Subject: 7.1520, FYI: Graduate Studies in Computational Lx at Georgetown
 
Moderators: Anthony Rodrigues Aristar: Texas A&M U. <aristar at tam2000.tamu.edu>
            Helen Dry: Eastern Michigan U. <hdry at emunix.emich.edu> (On Leave)
            T. Daniel Seely: Eastern Michigan U. <dseely at emunix.emich.edu>
 
Associate Editors: Ljuba Veselinova <lveselin at emunix.emich.edu>
                   Ann Dizdar <dizdar at tam2000.tamu.edu>
Assistant Editor:  Sue Robinson <robinson at emunix.emich.edu>
Technical Editor:  Ron Reck <rreck at emunix.emich.edu>
 
Software development: John H. Remmers <remmers at emunix.emich.edu>
 
Editor for this issue: lveselin at emunix.emich.edu (Ljuba Veselinova)
 
---------------------------------Directory-----------------------------------
1)
Date:  Sat, 26 Oct 1996 21:15:41 EDT
From:  cball at guvax.acc.georgetown.edu (Catherine N. Ball)
Subject:  Graduate Studies in Computational Linguistics at Georgetown
 
---------------------------------Messages------------------------------------
1)
Date:  Sat, 26 Oct 1996 21:15:41 EDT
From:  cball at guvax.acc.georgetown.edu (Catherine N. Ball)
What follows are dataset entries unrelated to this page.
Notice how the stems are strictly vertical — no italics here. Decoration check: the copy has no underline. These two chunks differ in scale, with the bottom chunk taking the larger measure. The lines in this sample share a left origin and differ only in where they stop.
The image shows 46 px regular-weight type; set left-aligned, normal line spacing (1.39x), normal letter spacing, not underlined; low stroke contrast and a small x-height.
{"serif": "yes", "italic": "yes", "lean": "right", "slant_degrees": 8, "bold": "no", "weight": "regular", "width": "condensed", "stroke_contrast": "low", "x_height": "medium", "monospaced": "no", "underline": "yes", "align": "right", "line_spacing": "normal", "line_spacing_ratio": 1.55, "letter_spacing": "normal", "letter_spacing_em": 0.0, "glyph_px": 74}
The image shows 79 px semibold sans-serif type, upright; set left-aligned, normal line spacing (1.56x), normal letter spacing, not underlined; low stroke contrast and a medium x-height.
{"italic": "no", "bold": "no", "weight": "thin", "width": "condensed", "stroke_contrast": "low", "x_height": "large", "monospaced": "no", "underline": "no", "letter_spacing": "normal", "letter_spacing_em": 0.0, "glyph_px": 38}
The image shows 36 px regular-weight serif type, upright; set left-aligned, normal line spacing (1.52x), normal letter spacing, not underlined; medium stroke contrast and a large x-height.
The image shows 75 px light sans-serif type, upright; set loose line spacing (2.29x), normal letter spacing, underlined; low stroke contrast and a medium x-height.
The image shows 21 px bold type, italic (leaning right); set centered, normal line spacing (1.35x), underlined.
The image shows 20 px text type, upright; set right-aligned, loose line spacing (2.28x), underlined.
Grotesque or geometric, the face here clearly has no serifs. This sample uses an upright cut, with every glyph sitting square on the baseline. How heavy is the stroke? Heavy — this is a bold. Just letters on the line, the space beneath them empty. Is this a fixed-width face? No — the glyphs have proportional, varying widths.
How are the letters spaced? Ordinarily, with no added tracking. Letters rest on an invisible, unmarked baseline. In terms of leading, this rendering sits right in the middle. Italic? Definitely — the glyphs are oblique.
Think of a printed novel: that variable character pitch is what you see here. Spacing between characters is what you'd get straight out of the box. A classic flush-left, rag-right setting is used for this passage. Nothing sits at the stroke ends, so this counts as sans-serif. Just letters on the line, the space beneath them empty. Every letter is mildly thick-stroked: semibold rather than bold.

Subject:  Graduate Studies in Computational Linguistics at Georgetown
 
The Department of Linguistics at Georgetown University offers
four concentrations leading to a MS or PhD in Linguistics:
Theoretical Linguistics, Sociolinguistics, Applied Linguistics
and COMPUTATIONAL LINGUISTICS. Applications are invited for Fall
1997 (application deadline: February 1).
 
Applicants to the PhD program in Computational Linguistics should
have a Master's in linguistics or computer science (or a closely
related field).  Others are encouraged to apply to the MS
program, which provides the foundation in linguistic theory and
computer science necessary for more advanced work. A limited
number of fellowships and scholarships are available, and local
employment opportunities are excellent for PhD and advanced MS
students. Part-time students are welcome. Vist our Web site for
more information about the program, on-line courses, and links to
the catalogue and application materials:
 
        http://www.georgetown.edu/compling/home.html
 
In addition to a wide variety of offerings in linguistics
(Theoretical, Socio-, Applied), the program offers courses in
machine translation, neural networks, natural language
processing, information retrieval and corpus linguistics. Current
students are engaged in research in machine translation (ASL,
Japanese, Spanish, etc.), natural language processing
(intelligent agents, anaphora resolution, visual representation
of textual data) and speech processing, among other areas.
 
Computational Faculty:
* Catherine Ball (natural language processing, corpus
 linguistics, Prolog, Perl)
* Catherine Doughty (language acquisition, CALL)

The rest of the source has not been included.